Hopefully some pro's chime in soon.


----------



## boykjo (Nov 11, 2011)

I Never used them.... Would like to know how they do myself... I always tie with butchers twine so never needed to try them

Good luck and dont forget to post some Qveiw

Happy smoking

Joe


----------



## biteme7951 (Nov 11, 2011)

Try the link below for the c-ring pliers that we use in the rabbit industry for assembling cages. The model CRP has spring loaded handles that hold the ring in place once you have put it in the plier (very nice feature). You can also purchase stainless steel rings by the pound. These are by far the best pliers we have found anywhere. They can sometimes also be found at farm supply stores.

http://www.bassequipment.com/Home/Cage+Assembly+Tools/default.aspx

The tips of the rings bypass each other too for a tighter crimp.

Barry.


----------



## smokeamotive (Nov 11, 2011)

I started with the same pliers and found them to be all but useless to make sausage. Heres a link to the one I use now. They work much better and can be used with one hand.

http://www.cabelas.com/product/Spri...+ring+pliers&WTz_l=Header;Search-All+Products


----------



## SmokinAl (Nov 11, 2011)

These are the one's we use & they work very well.

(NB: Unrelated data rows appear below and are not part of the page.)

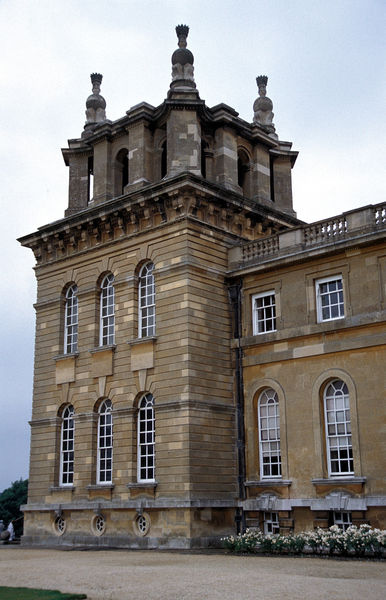
Titel: Südfassade, südwestlicher Eckturm
Künstler: John Vanbrugh
Standort: Woodstock, Oxfordshire
Institution: Blenheim Palace
Schlagwörter: blau, himmel, weiß, wolken, gelb, grün, ocker, sand, ausschnitt, blumen, braun, fenster, frankreich, grau, säule, säulen, anlage, dach, gebäude, gras, haus, park, rasen, rosen, rot, schloss, weg, wiese, beige, architektur, barock, rahmen, sockel, stein, steine, brüstung, büsche, adel, drei, pflanzen, england, renaissance, rund, turm, amphore, garten, deutschland, balkon, farbig, ecke, ansicht, fassade, mauer, sprossenfenster, ziegel, hecke, hof, platz, rundbogen, detail, symmetrie, ramen, geländer, zinnen, anbau, foto, fotografie, bögen, blühen, fugen, eckig, rechteck, sprossen, palast, rundfenster, balustrade, mauerwerk, seite, kathedrale, photo, rustika, schoss, gesims, sandstein, rundbögen, beet, rabatte, kellerfenster, pavillon, fotographie, ziege, landsitz, klassisch, bauwerk, aufbau, versailles, attika, seitenflügel, rundbogenfenster, sockelzone, rustica, balluster, bogenfenster, dachaufsätze, dachaufbau, gebäudeflügel, sprosen, sprosenfenster, geläander, klassizischtisch
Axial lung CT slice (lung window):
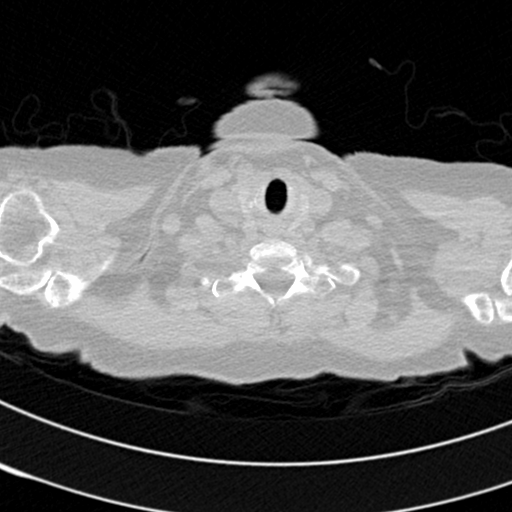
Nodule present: no
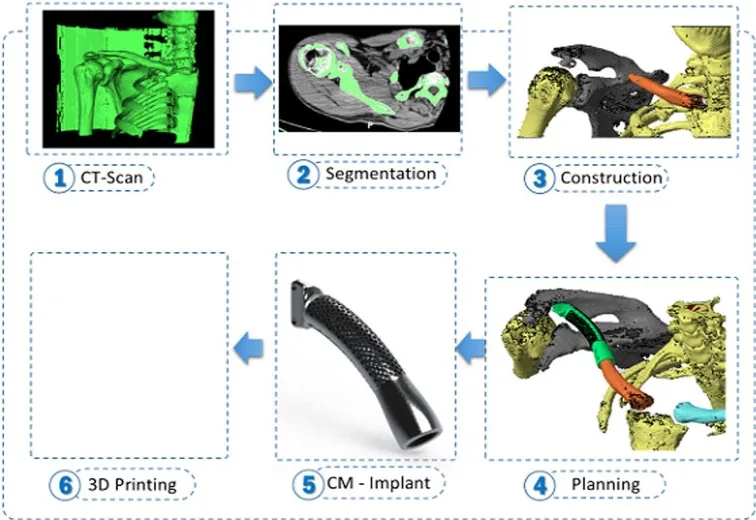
The process of manufacturing of the prosthesis. The three-dimensional model of the clavicle was developed using the digital imaging and communication in medicine format, and image segmentation was performed using the Mimics software (Materialize NV).
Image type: radiology (ct)
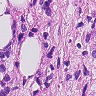
Metastatic tissue present: yes
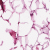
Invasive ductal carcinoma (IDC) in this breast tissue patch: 0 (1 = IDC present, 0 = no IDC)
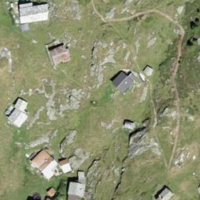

http://www.sausagemaker.com/29100springloadedpliers.aspx


----------



## doctord1955 (Nov 11, 2011)

I used the one u r showing for years never had a problem.  Wrapped a rubber band around back of jaws so it would hold a ring.  I know have the cabelas one that u load, it doesnt always work right so i have kept the old on.  The ends of the ring bypass each other on mine always worked well just was lazy didnt like to reload all the time!


----------



## mballi3011 (Nov 11, 2011)

I'm with Joe (boykjo) on this one I have never used them I ise butcher twine and ie all of mine that need it.


----------



## DanMcG (Nov 12, 2011)

I use the same one you showed in the pic with no problems. the ends of the ring should bypass each other not meet. Do your rings have a slight twist to them?

Like these that I get from LEM.


----------



## DanMcG (Nov 12, 2011)

doctord1955 said:


> Wrapped a rubber band around back of jaws so it would hold a ring.


Brilliant!!!  Thanks for the idea doctord, I've dropped a few in my time.


----------



## BGKYSmoker (Nov 12, 2011)

I use the manual one like Dan uses. Used to use the Weston automatic (garbage)

Never had any issues with the manual crimper and rings.


----------



## sprky (Feb 3, 2012)

I have never used hog rings for anything other then building tomato cages out of concrete re-mesh. I just used a small pair of channel lock pliers to close them. if the ends would meet I'd just squeeze a bit harder and they would slide over each other. don't know how the channel locks would work on the smaller hog rings.


----------



## BGKYSmoker (Feb 3, 2012)

I use 2 kinds. I do find the C rings work better at clamping the ends than the end caps do.


----------